The Fabric of Democracy: Propaganda Textiles from the French Revolution to Brexit

Start Date 29 September 2023
End Date 03 March 2024
Venue Fashion and Textile Museum
Location London, UK
Curator Amber Butchart

Curated by design historian Amber Butchart, this exhibition explores printed propaganda textiles over more than two centuries. Discover how fabric designers and manufacturers have responded to political upheaval from the French Revolution through to Brexit.

The mechanisation of textile industries from the mid-18th century led to the development of print techniques that could create more detailed imagery on cloth, quicker than ever before. These increasingly affordable processes ‘democratised’ textile decoration, allowing governments, regimes, and corporations to harness the power of print to communicate, from wartime slogans to revolutionary ideals.

Propaganda is usually associated with public art and monumental sculpture.

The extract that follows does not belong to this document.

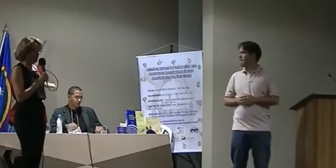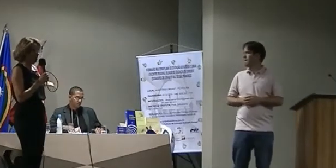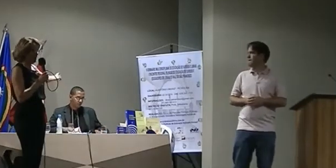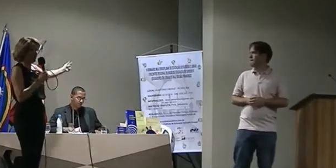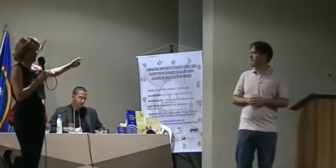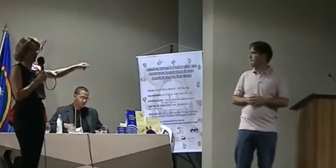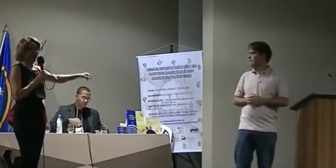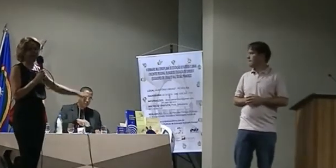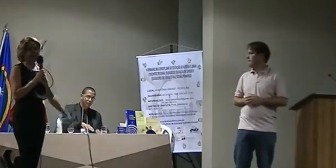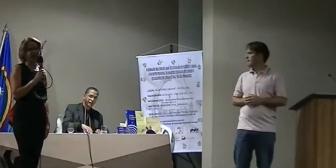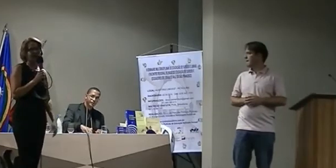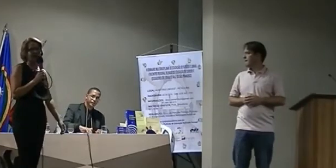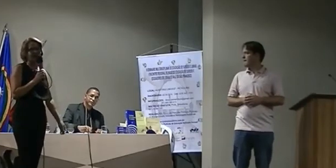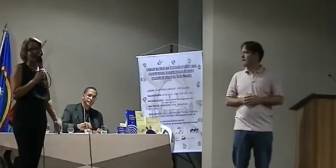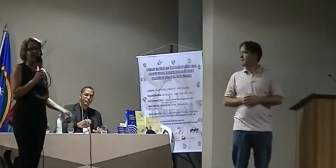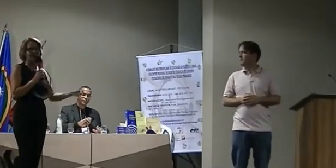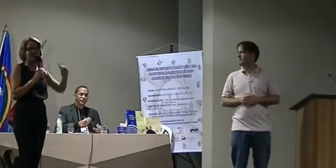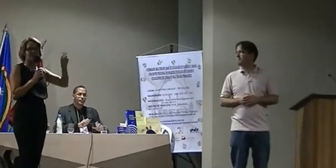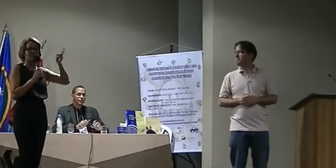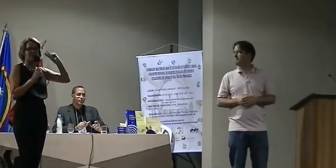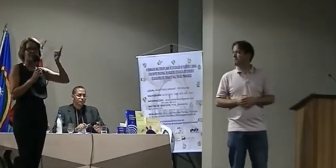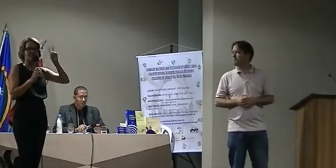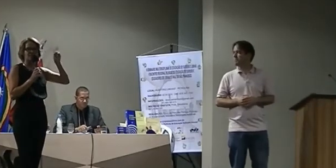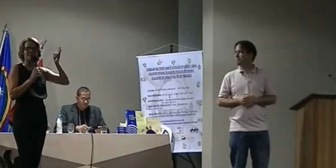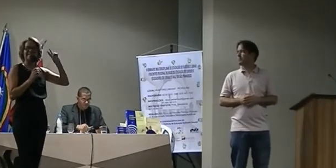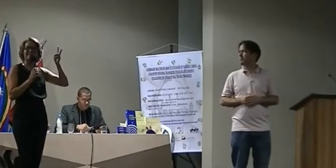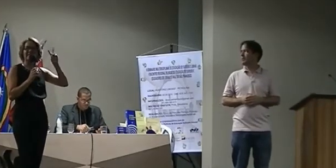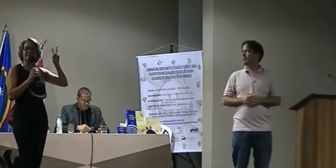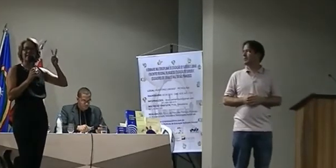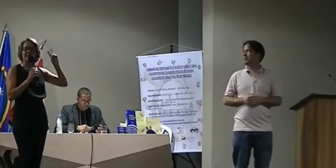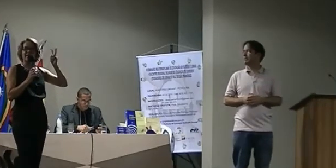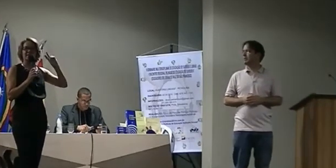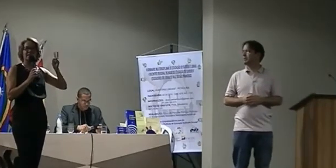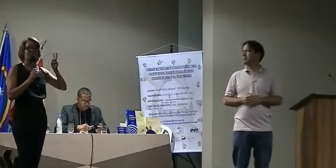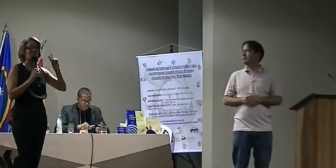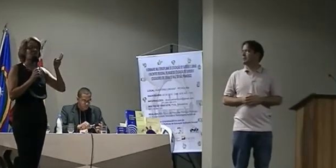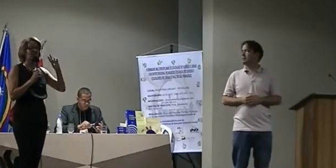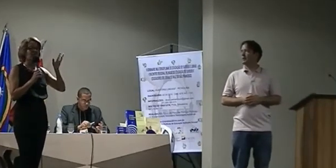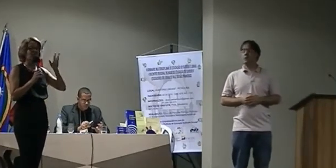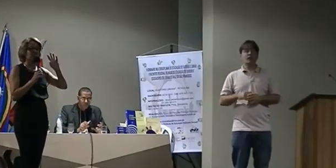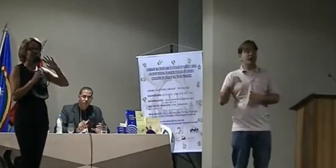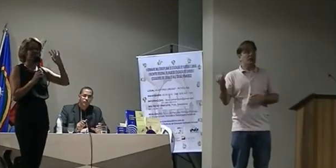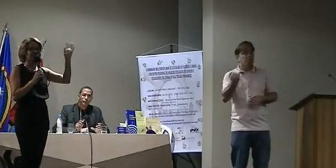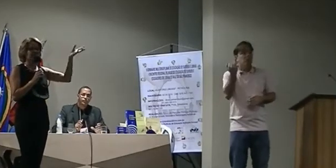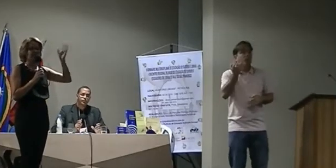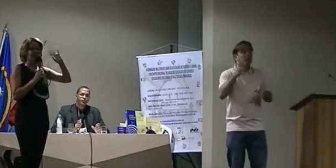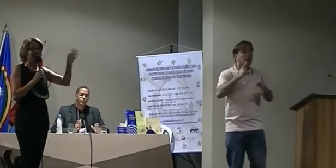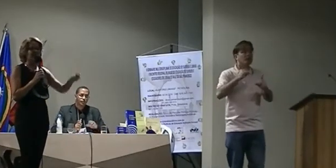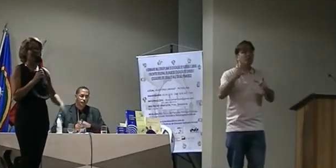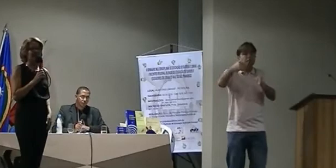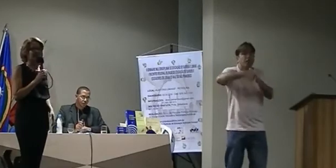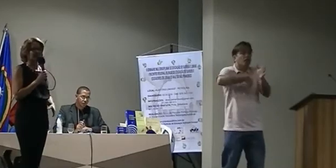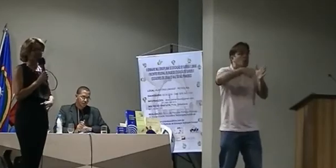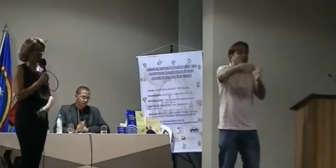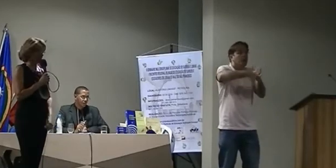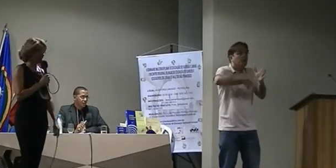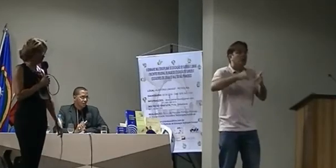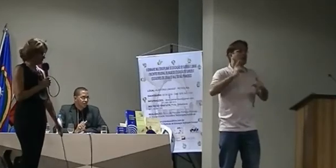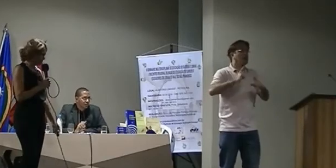a a gente entender o que acontece em realidades diferentes da nossa.

Through this exhibition, explore how fabrics have been used as a political medium both in the home and on the body, through furnishing and fashion. Find out how textiles were used as a tool of the state across the political spectrum, from communism to fascism. Discover how a fraternal crisis in the monarchy played out on cloth, and how democracies promote national identity through textile design.

On display will be textiles from countries including Britain, America, Italy, Germany and Austria, ranging from French toile de Jouy to Japanese robes from the Asia-Pacific war, and Cultural Revolution-era Chinese fabrics which have rarely before been exhibited in the UK.

Image credit: Peace in our Time Scarf 1938 on loan from the Paul and Karen Rennie Collection © Jonathan Richards.

 

This exhibition includes sensitive themes and content.

There is discussion of war, conflict, anti-Semitism and fascism as well as depictions of war in some of the objects. There are depictions of colonialism in some items on display with discussion of the history surrounding these objects.